Over an 18 month recruitment period 86 patients were referred, six of whom were omitted at visit 1 because they did not fulfil the entry criteria at the time of first attendance (four were not taking a long acting β2 agonist despite its apparent prescription and two were no longer difficult to control).

Of the remaining 80 subjects, six were lost to analysis (four were non-compliant with the protocol, one had oesophageal adenocarcinoma diagnosed during evaluation, and one emigrated). Telephone follow up of the four subjects who were non-compliant with the protocol indicated that one with a provisional diagnosis of VCD/hyperventilation had stopped all asthma treatment and remained well, and one with dysfunctional breathlessness had stopped inhaled steroid therapy but still used relief short acting β2 agonist. The other two subjects (one with a prominent phobia of hospital and one with very poor compliance) followed a pattern of recurrent exacerbation and systemic steroid use managed in primary care. In one further subject a diagnosis of asthma could not be sustained after review of attendance and serial lung function. Of the remaining 73 subjects, 34 were classified as having TRA after evaluation. The demographic details of these subjects are shown in table 1.

Table 1

Demographic details at referral of all subjects and those classified as therapy resistant asthma (TRA) and non-TRA after evaluation

During evaluation eight subjects (11%) did not have a psychiatric assessment (five refused assessment, one lost referral, one already attending clinical psychology, and one failed to attend), although only one of the TRA group refused to attend. Thirteen (18%) failed to attend for ENT assessment, one from the TRA group. A 24 hour oesophageal pH profile was not available in 19 subjects (26%), five of whom were in the TRA group (eight failed to attend for the procedure, six were unable to tolerate the probe, one failed recording, and four refused the test after substantial symptomatic improvement (non-TRA group)). A high resolution CT scan was not available in 13 subjects (18%), only one of whom was in the TRA group (seven refused scan after substantial clinical improvement and six failed to attend). Sputum eosinophil counts were available in only 31 of the 73 subjects (42%); the remainder failed to expectorate an adequate sample or to tolerate the induction procedure.

The recorded period of instability was significantly longer in subjects who subsequently had TRA (table 1). They also tended to be on a higher dose of inhaled steroid at referral, had significantly more courses of systemic steroids in the previous year, and were more likely to be on maintenance systemic steroids. It is noteworthy that, of the 21 subjects on maintenance systemic steroids at referral, 11 successfully withdrew their steroids including five who subsequently did not have TRA. A further seven subjects who were not on systemic steroids at referral required maintenance systemic steroids, but this group had had a median of six courses of systemic steroids in the preceding 12 months (range 2–8 courses). Subjects with TRA were more likely to have attended a respiratory specialist in the past, had lower percentage predicted FEV1, and were more obstructed at referral (table 1).
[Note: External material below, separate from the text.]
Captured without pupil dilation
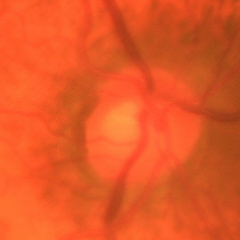 Glaucomatous changes are present. Fundus appearance consistent with early glaucoma.

No differences were seen in individual or cumulative clinical scores for the individual groups (table 2). There was no difference in asthma related quality of life or HAD scores between the groups at baseline (table 2).

Table 2

Clinical, asthma quality of life (QoL), anxiety and depression scores, and blood parameters at presentation in all subjects and those with therapy resistant asthma (TRA) and non-TRA after evaluation

Subjects with TRA were less likely to have an additional diagnosis accounting for a proportion of their symptoms (table 3). The frequency of additional diagnoses is shown in fig 1. In addition, three subjects had a history consistent with sulphite sensitivity (two had urticaria after exposure) and were given a trial exclusion diet. Gastro-oesophageal reflux, ENT pathology, and psychiatric morbidity were common but were not more prevalent in either group, although subjects with TRA were more likely to have osteoporosis (table 3). After evaluation and management, subjects with TRA were on significantly higher doses of inhaled steroids and also had a significantly lower best FEV1% recorded during the period of follow up (table 3). At baseline there was no difference in the asthma related quality of life scores between groups; however, a significant and clinically relevant increase was seen in those with therapy responsive asthma but not in the TRA group (table 3).

Table 3

Investigation results and outcome parameters in all subjects and those with therapy resistant asthma (TRA) and non-TRA after evaluation

Figure 1

Additional diagnoses causing respiratory symptoms in 73 sequential referrals to a difficult asthma service (for definitions see text). Twenty five of the 73 subjects (34%) had an additional diagnosis.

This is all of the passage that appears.